Мы были счастливы и в Зальцбурге и в Вене. Мы путешествовали по зеленым окрестностям Эдлаха и поднимались в Альпы. «Это только начало нашей совместной жизни, — ободряюще говорил я. — Немного погодя мы поженимся». — «Но жениться-то зачем? — возражала она. — Я всегда приеду к тебе куда угодно». — «Зачем уезжать, если можно быть вместе?» — «Боюсь, я быстро тебе наскучу»…
Из Зальцбурга Мура часто отправляла телеграммы в Россию. Говорила, что ее зовет Горький. Говорила, что он серьезно болен, потерял сына, ему одиноко. «Но не поеду я сейчас!» В Лондоне мы открыто появлялись повсюду, я даже представлял ее как свою будущую жену, но мысль о браке была Муре решительно не по вкусу. Со сдержанным упрямством она противилась осуществлению моей мечты. В январе — феврале 1934 года мы провели в Бонмуте больше месяца, и я прожил бы там гораздо дольше — работал над пропагандистским фильмом «Облик грядущего», часто выступал по радио, но Мура так явно была встревожена, она вела такие долгие телефонные разговоры с Лондоном, что я вернулся глубоко разочарованный и рассерженный. Я для нее — всего лишь восхитительное приключение, официальный любовник, приходило мне в голову. У нее множество собственных разнообразных интересов и привязанностей. Боюсь, ее душа обреталась тогда главным образом в мире русских беженцев, в делах ее детей, за кулисами международного журнализма, в хитросплетении воспоминаний о прошлой деятельности.

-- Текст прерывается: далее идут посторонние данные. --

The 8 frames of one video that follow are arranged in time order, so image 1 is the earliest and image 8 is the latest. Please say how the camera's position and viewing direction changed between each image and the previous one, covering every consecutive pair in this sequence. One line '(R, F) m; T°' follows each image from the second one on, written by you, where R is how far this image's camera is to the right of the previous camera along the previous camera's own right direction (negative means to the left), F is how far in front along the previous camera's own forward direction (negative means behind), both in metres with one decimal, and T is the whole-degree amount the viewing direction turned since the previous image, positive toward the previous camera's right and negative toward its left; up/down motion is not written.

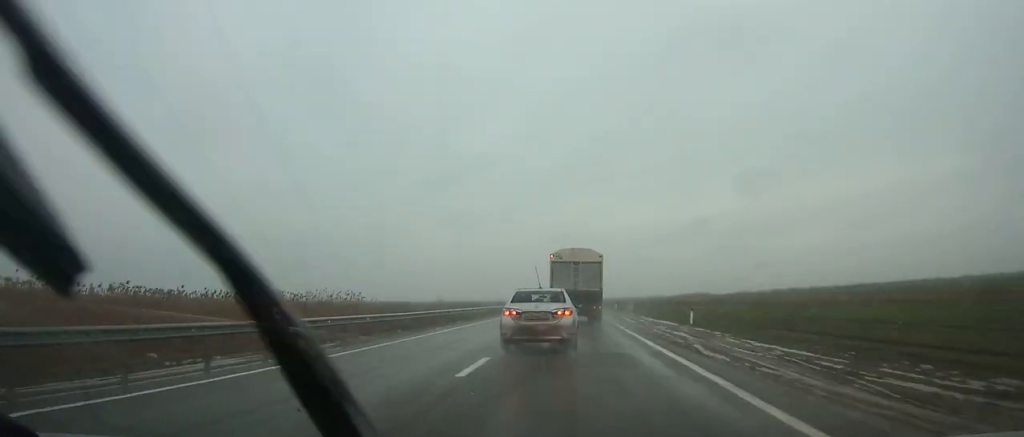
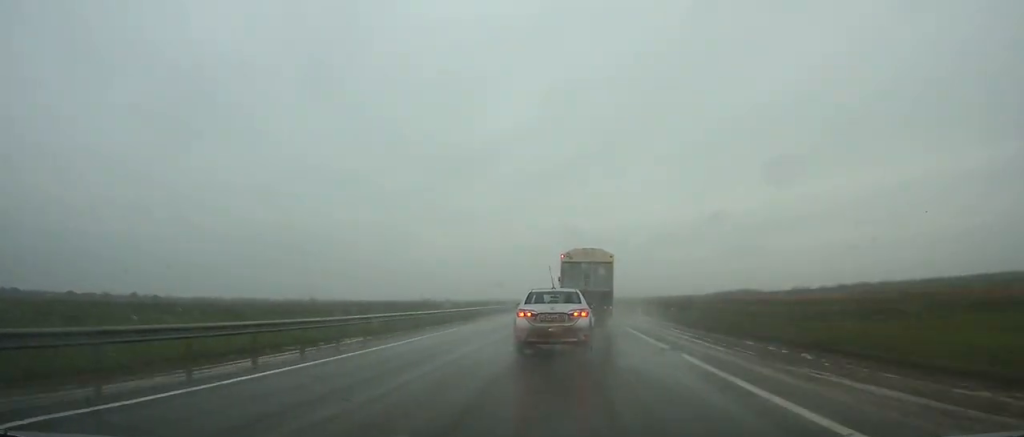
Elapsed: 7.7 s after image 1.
(+0.5, +127.4) m; 0°
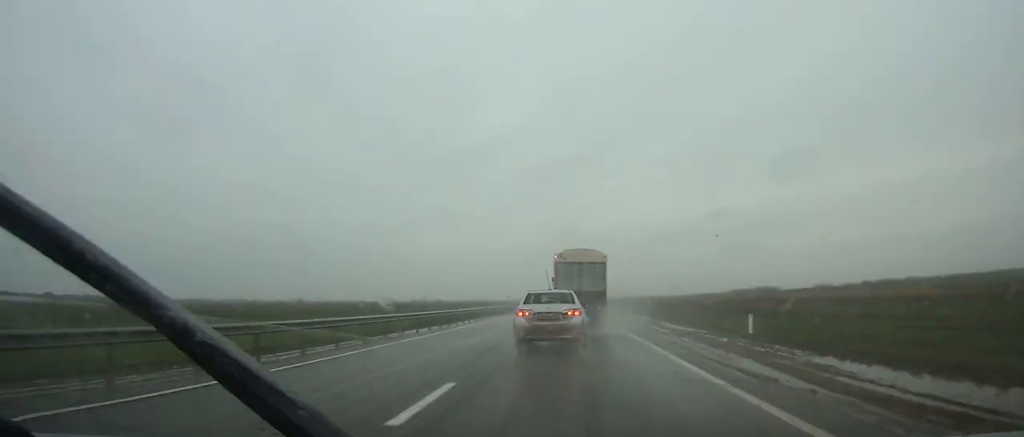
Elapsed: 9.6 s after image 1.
(+0.2, +31.8) m; 0°
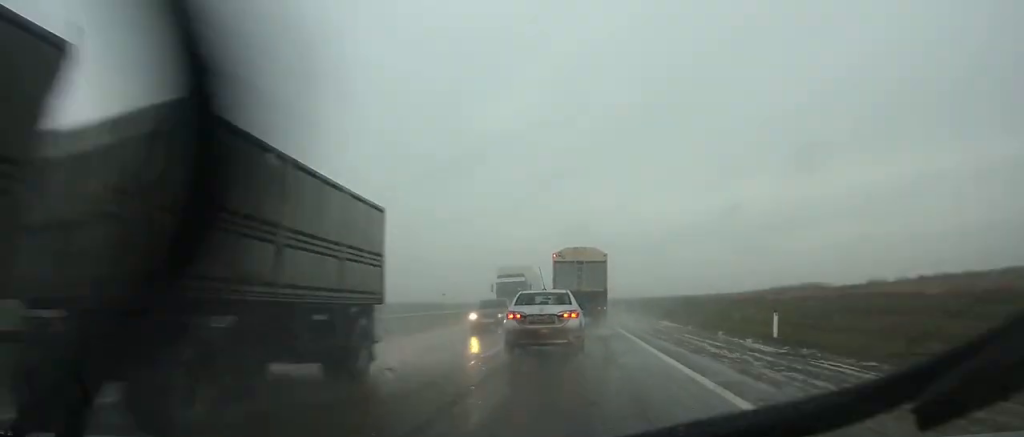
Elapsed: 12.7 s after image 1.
(-0.3, +52.3) m; 0°
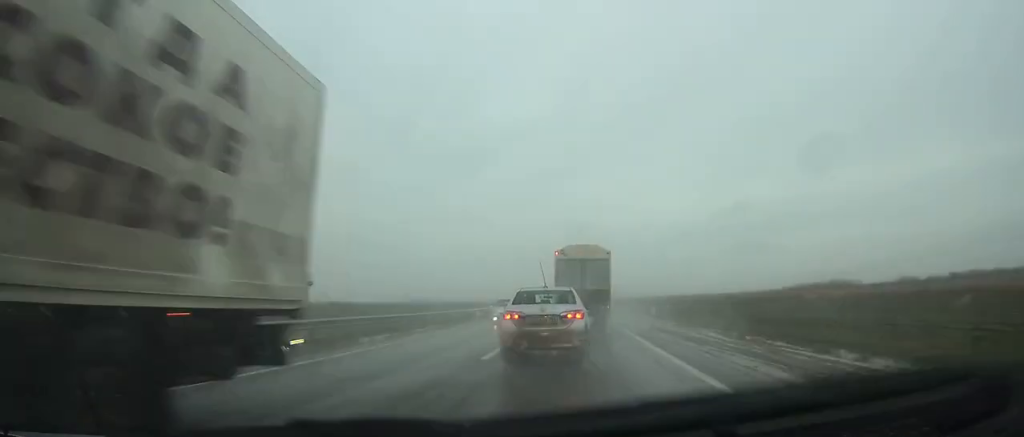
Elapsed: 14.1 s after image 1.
(+0.1, +23.6) m; 0°
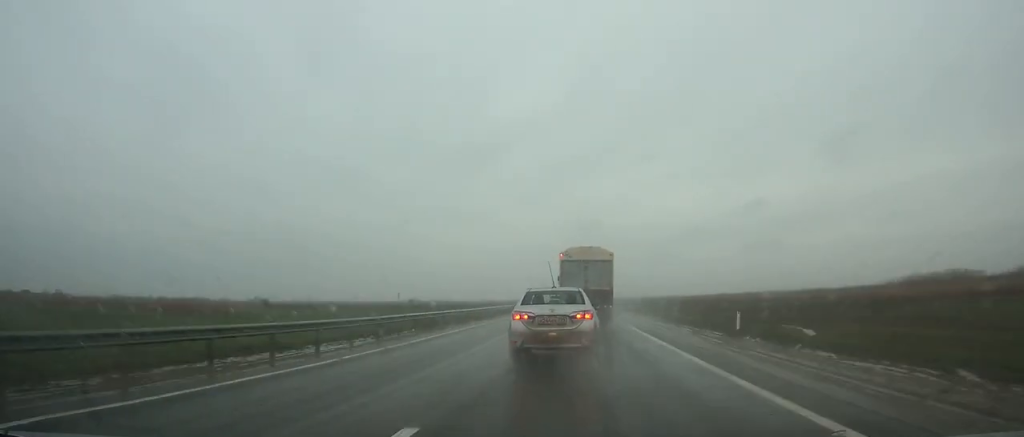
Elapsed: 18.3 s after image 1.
(-0.2, +70.5) m; 0°
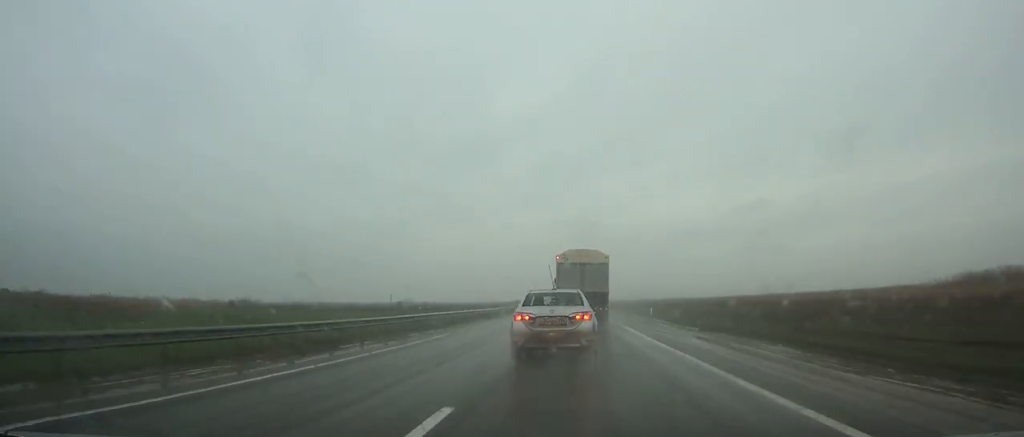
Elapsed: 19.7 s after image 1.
(0.0, +23.3) m; 0°
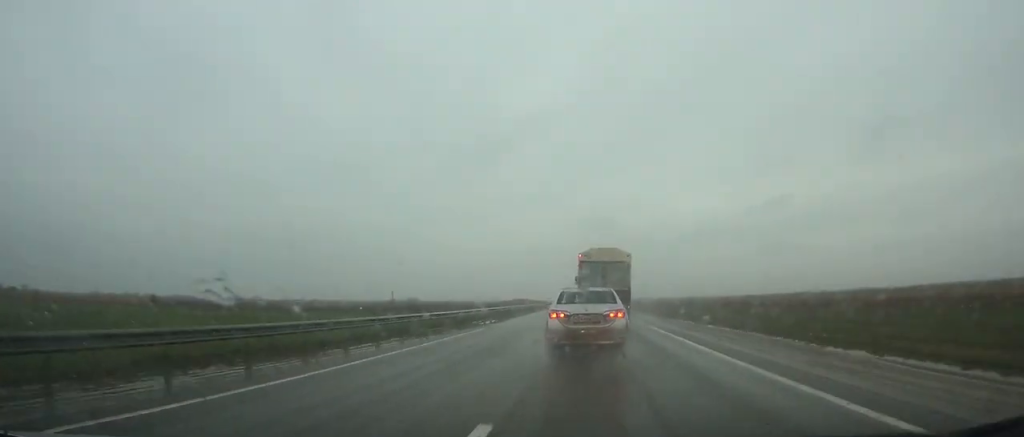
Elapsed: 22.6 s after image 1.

Она вращалась в среде сомнительных личностей, эмигрантов и авантюристов, любителей одолжаться и тех, кто нуждается в помощи. Для этой публики она всегда была «чудесной Мурой»; политика все еще представлялась ей смесью дипломатических интриг, конференций, газетных материалов и анекдотов…
Я стал ревновать. Она уехала на Рождество в Эстонию. «Я всегда проводила Рождество в Эстонии!» — сказала она, вернувшись. — «А я хочу, чтобы ты поехала со мной в Америку, — сказал я. — А чтобы нам в Америке было комфортно, мы должны быть женаты. К тому же я хочу еще раз побывать в России — с тобой». Но она противилась браку и уверяла, что в Россию тоже не сможет меня сопровождать; по каким-то причинам путь ей туда был заказан.
Я вернулся из Америки, твердо настроенный поехать в Россию — побеседовать со Сталиным. Поскольку ехать в Россию вместе мы не могли, то договорились, что она появится в Эстонии и на обратном пути я смогу пожить в Таллине. Мы расстались очень нежно. Она улыбалась, прижавшись лицом к стеклу, когда аэроплан двинулся прочь от меня…
В Москве мне сильно мешало незнание русского языка и ограничивала опека Интуриста. Мне нездоровилось, я был раздражен, беседа со Сталиным получилась нескладная. Я поехал на автомобиле к Горькому в его большой загородный дом — повидаться и вместе пообедать. Со мной были Андрейчин, мой официальный гид, и Уманский, переводчик нашей беседы со Сталиным.
«Каким путем вы возвращаетесь обратно в Лондон?» — спросил Уманский.
Я ответил, что через Эстонию, где собираюсь пожить несколько недель в Таллине у своего друга баронессы Будберг.
«А она была в Москве неделю назад».
Я был так ошеломлен, что не скрыл удивления.
Правда, тут вмешался Андрейчин, явно желая остеречь Уманского, и в дальнейшем тот предпочел держать язык за зубами. «Вероятно, я ошибся», — только и сказал он. Но, разговаривая с Горьким я, пожалуй, не слишком бы удивился, если бы в комнату вошла Мура. Когда мы с Андрейчиным спускались к ужину, я попросил его сказать Горькому: «Мне недостает нашей прежней переводчицы, Горький».
«Кого вы имеете в виду?» — удивился он.
Я ответил. И узнал, что в последний год Мура была в Москве трижды.
Андрейчин пытался объяснить мне, что Мурины приезды в Россию в некотором роде тайна, но в тот вечер от созданного мною образа великолепной Муры не осталось и следа. Почему она так странно, тайком ездила в Москву? Почему ничего не говорила мне об этом? А если в ее поездке не было ничего предосудительного, то почему не дождалась моего приезда и не вернулась вместе со мной? Какая маска была бы сорвана, окажись мы вместе с нею в доме Горького?